Data for processing Start Marker
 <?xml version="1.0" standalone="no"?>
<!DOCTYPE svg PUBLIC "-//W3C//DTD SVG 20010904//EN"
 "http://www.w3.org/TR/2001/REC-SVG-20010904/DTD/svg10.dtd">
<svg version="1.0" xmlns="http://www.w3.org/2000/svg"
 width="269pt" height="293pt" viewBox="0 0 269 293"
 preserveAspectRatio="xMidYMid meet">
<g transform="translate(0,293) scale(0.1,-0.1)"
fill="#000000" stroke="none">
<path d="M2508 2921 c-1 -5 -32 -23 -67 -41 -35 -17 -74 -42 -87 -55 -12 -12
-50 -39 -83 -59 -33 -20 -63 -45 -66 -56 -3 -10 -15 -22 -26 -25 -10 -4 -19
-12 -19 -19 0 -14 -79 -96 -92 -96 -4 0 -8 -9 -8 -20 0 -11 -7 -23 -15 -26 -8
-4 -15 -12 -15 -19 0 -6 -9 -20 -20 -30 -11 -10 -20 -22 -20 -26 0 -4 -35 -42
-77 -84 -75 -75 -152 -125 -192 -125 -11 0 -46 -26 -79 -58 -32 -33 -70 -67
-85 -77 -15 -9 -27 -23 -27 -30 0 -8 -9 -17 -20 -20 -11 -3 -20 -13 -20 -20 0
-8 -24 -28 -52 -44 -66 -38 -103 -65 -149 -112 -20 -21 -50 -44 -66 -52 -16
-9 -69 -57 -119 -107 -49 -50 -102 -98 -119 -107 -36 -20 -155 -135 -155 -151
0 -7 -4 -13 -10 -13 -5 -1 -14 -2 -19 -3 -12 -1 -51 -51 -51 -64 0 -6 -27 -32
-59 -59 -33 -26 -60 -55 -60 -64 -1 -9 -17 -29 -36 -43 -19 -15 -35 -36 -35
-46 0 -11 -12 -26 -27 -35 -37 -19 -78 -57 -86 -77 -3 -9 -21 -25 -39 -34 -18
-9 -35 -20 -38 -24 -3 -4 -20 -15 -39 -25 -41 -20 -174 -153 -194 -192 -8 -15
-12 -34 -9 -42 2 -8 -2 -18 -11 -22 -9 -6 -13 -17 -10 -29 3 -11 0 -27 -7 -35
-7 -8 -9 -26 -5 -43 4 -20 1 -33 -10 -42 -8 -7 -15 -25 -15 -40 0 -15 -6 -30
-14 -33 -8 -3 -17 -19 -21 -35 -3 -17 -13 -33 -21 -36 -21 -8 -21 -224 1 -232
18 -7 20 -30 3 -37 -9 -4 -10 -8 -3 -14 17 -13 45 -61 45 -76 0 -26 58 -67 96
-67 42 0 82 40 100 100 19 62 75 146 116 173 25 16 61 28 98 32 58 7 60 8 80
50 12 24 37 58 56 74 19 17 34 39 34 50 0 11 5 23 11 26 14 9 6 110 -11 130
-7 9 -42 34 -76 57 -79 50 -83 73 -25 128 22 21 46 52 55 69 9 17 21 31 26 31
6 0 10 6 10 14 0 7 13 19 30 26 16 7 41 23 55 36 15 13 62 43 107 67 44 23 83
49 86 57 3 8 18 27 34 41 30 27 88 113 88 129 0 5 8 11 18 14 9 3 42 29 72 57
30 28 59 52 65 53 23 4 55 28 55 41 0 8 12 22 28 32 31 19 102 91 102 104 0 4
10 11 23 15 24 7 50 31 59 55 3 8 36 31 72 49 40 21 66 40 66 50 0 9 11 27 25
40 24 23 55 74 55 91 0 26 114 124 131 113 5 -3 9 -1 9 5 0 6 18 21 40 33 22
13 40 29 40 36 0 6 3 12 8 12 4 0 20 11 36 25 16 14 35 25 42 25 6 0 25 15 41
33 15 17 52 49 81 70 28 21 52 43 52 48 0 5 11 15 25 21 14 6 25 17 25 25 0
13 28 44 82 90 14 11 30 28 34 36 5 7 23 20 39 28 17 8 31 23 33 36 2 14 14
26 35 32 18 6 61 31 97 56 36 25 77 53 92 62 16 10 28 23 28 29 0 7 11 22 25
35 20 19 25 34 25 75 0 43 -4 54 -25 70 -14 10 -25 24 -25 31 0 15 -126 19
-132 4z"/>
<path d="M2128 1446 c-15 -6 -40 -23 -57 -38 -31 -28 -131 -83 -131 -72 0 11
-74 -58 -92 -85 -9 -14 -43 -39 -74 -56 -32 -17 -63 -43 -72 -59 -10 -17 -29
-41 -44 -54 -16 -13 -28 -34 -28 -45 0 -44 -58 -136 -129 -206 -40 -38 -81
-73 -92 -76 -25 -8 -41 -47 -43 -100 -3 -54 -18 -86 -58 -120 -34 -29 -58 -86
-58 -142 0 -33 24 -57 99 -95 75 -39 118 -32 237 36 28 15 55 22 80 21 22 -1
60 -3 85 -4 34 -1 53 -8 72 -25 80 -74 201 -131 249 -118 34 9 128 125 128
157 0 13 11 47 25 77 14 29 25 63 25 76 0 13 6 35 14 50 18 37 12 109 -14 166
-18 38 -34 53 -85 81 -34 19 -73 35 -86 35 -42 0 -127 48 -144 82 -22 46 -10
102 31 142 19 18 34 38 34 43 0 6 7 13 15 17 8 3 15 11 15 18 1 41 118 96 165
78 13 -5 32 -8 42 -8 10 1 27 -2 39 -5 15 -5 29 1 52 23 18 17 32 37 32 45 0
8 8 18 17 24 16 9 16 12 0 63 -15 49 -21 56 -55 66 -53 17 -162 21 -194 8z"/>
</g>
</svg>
Data for processing End Marker
#### Work item
Copy all lines from the data that hold the word "http".

#### Result of this task
 "http://www.w3.org/TR/2001/REC-SVG-20010904/DTD/svg10.dtd">
<svg version="1.0" xmlns="http://www.w3.org/2000/svg"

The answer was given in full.